Wasting someone else's time is disrespectful of them. And questioning their own mind is also disrespectful of them. "I don't believe you when you said firm....and moreover, I'm going to pull you away from whatever you were doing at the moment to tell you that you are either mistaken in your own desire to sell your own property at that price, or are outright lying about what price you'd accept."

The other interpretation is that two non-rational people are involved in the negotiation. Generally, buying from or selling to someone non-rational - especially a used car, is not a good idea.
 

Wasting someone else's time is disrespectful of them. And questioning their own mind is also disrespectful of them. "I don't believe you when you said firm....and moreover, I'm going to pull you away from whatever you were doing at the moment to tell you that you are either mistaken in your own desire to sell your own property at that price, or are outright lying about what price you'd accept."

The other interpretation is that two non-rational people are involved in the negotiation. Generally, buying from or selling to someone non-rational - especially a used car, is not a good idea.

I think it would be a huge shame if someone missed out on an opportunity to purchase something for what they believe is a reasonable price because they were afraid to make the simple 10-second task of making an offer-- nobody knows the mind of the seller - they may come down in price (and i bet you there have been MANY instances when a seller says 'firm' and has ended up coming down). It doesn't hurt to ask, and if someone feels disrespected in the business of buying/selling, that's their problem. They can simply say No to any offer if they feel it's too low. Unless you personally know the seller and are 100% sure they will refuse anything but the stated price, you can't assume they won't come down at the end of it all!
 
I think it would be a huge shame if someone missed out on an opportunity to purchase something for what they believe is a reasonable price because they were afraid to make the simple 10-second task of making an offer-- nobody knows the mind of the seller - they may come down in price (and i bet you there have been MANY instances when a seller says 'firm' and has ended up coming down). It doesn't hurt to ask, and if someone feels disrespected in the business of buying/selling, that's their problem. They can simply say No to any offer if they feel it's too low. Unless you personally know the seller and are 100% sure they will refuse anything but the stated price, you can't assume they won't come down at the end of it all!

The seller knows the mind of the seller. And the seller has said firm. If the seller is not firm and says firm, then the seller isn't being honest - do you want to buy a used car from someone who is playing games?

If the seller does not move his merchandise after listing a firm offer, they might pull the ad and relist with a lower firm price or with no "firm" statement. To make an offer when the listed price says firm says "I don't really believe you and I'm going to waste your time making you come to the phone."

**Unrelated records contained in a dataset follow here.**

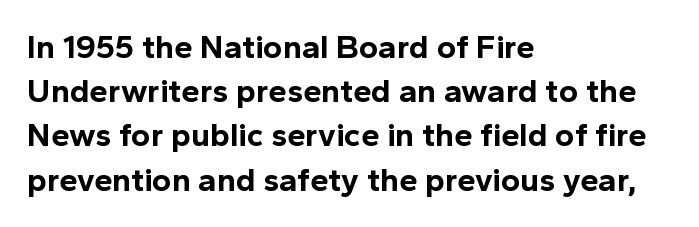
Q: Is the text bold? A: Yes.
Q: Is the text italic (slanted)? A: No, it is upright.
Q: Is the typeface a serif or a sans-serif typeface? A: Sans-serif.
Q: Is the text underlined? A: No.
Q: How is the paragraph aligned? A: Left-aligned.
Q: Is the spacing between letters normal or unusually wide? A: Normal.
Q: Is the spacing between lines tight, normal or loose? A: Normal.
Q: Width (condensed, normal, or wide)? A: Normal.
Q: x-height? A: Medium.
Q: Monospaced? A: No.
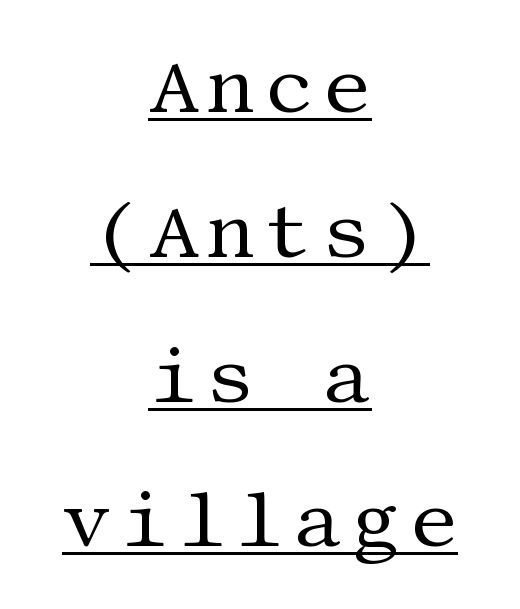
Line starts and ends both wander, symmetrically. Posture: straight, roman, zero tilt. Observe the serifs anchoring each vertical stroke in this sample. The weight tops out at a normal text grade. Quick note: underline on.
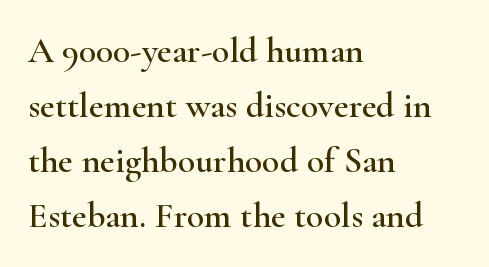
You could not count columns in this text — the font is proportionally spaced. Students, note that the glyphs here touch the page at normal intervals. Beneath every word, the page is bare. Posture: straight, roman, zero tilt.
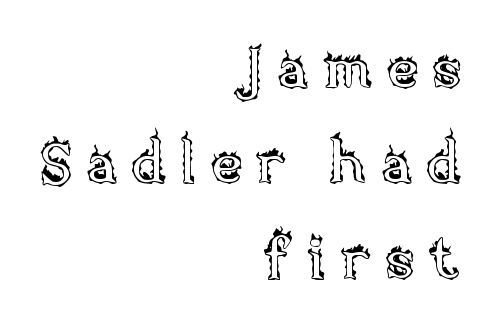
{"italic": "no", "width": "normal", "x_height": "large", "monospaced": "no", "underline": "no", "align": "right", "line_spacing": "normal", "line_spacing_ratio": 1.59, "letter_spacing": "wide", "letter_spacing_em": 0.23, "glyph_px": 60}
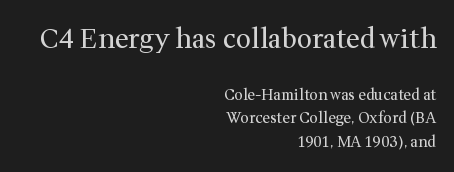
The image shows 27 px text type, upright; set right-aligned, normal line spacing (1.59x), normal letter spacing, not underlined; the first (top) block is 1.8x larger.
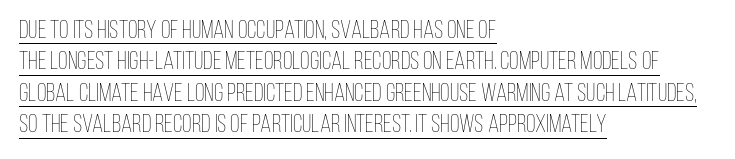
The image shows 25 px text type, upright; set left-aligned, normal line spacing (1.26x), normal letter spacing, underlined.
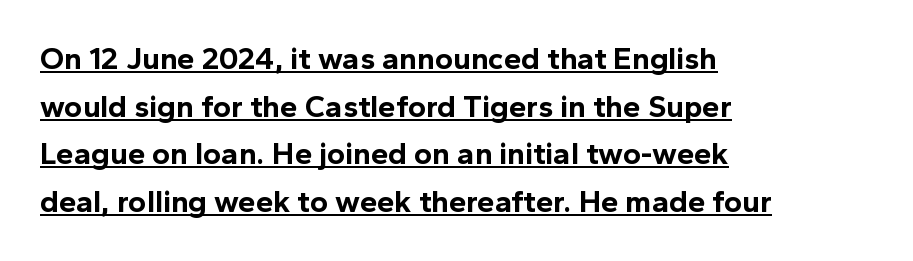
The image shows 31 px bold sans-serif type, upright; set left-aligned, normal line spacing (1.54x), normal letter spacing, underlined; a medium x-height.

I haven't sold a car in years - I trade mine in or donate them - because it DOES take a lot of time to answer the phone over and over again and deal with yahoos who can't understand English or think firm means "maybe not for me."

Its isn't a huge shame to miss a deal. Its a huge shame to treat another human being like they owe you because they are trying to sell a car.
 
The seller knows the mind of the seller. And the seller has said firm. If the seller is not firm and says firm, then the seller isn't being honest - do you want to buy a used car from someone who is playing games?

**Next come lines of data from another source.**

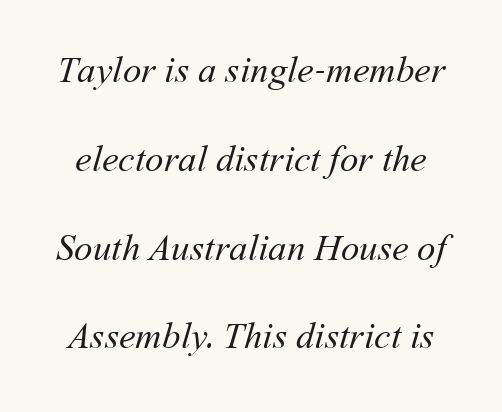
{"bold": "no", "weight": "regular", "width": "normal", "stroke_contrast": "medium", "x_height": "medium", "monospaced": "no", "underline": "no", "line_spacing": "loose", "line_spacing_ratio": 2.4, "letter_spacing": "normal", "letter_spacing_em": 0.0, "glyph_px": 37}
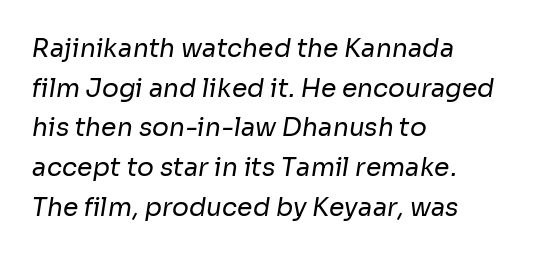
Q: Is the text bold? A: No.
Q: Is the text underlined? A: No.
Q: How is the paragraph aligned? A: Left-aligned.
Q: Is the spacing between letters normal or unusually wide? A: Normal.
Q: Is the spacing between lines tight, normal or loose? A: Normal.
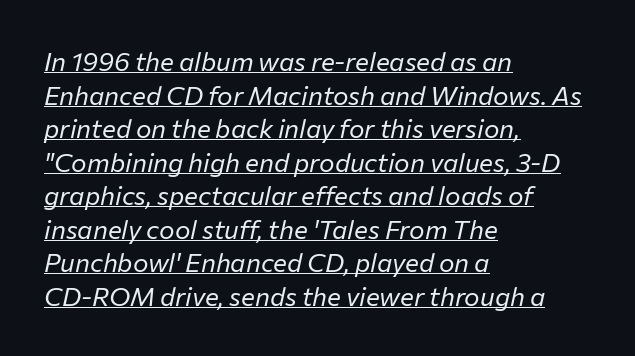
The image shows 26 px text type, italic (leaning right); set left-aligned, normal line spacing (1.29x), normal letter spacing, underlined.

If the seller does not move his merchandise after listing a firm offer, they might pull the ad and relist with a lower firm price or with no "firm" statement. To make an offer when the listed price says firm says "I don't really believe you and I'm going to waste your time making you come to the phone."

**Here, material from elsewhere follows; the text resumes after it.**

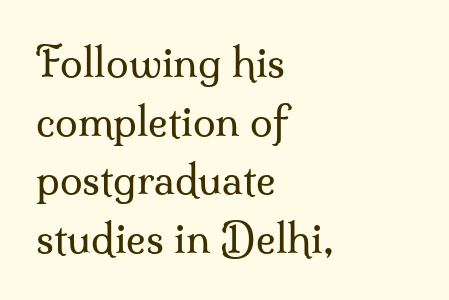
The image shows 41 px regular-weight serif type, upright; set left-aligned, normal line spacing (1.43x), normal letter spacing, not underlined; medium stroke contrast and a small x-height.
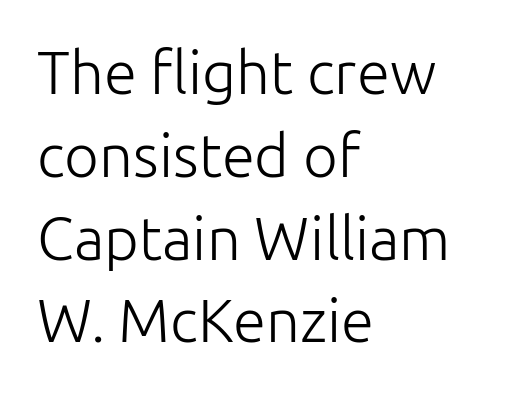
In terms of leading, this rendering sits right in the middle. Does the type have serifs? No, each stem ends abruptly. Teacher's note: observe the even left margin — that is flush-left alignment. This is roman type, the default non-slanted kind. No extra ink here — the face is not bold.

I haven't sold a car in years - I trade mine in or donate them - because it DOES take a lot of time to answer the phone over and over again and deal with yahoos who can't understand English or think firm means "maybe not for me."

Its isn't a huge shame to miss a deal. Its a huge shame to treat another human being like they owe you because they are trying to sell a car.

I guess it'll be a good thing I won't be attempting to purchase a car from you in the future ;) :p

Attempting to make an offer on something a seller has listed isn't treating anybody like they 'owe me one'. It's a basic part of haggling, selling, buying, negotiating, etc. It's absolutely nothing personal. I know that some people use the term 'Firm' as a very serious stop to any offers under the listed amount, and others may say it and are willing to come down in the right situation, with the right buyer (my husband and father have both bought things--though not cars-- for under listing price with 'firm' listed). I guess each buyer and seller has their own set rules they live by in these situations!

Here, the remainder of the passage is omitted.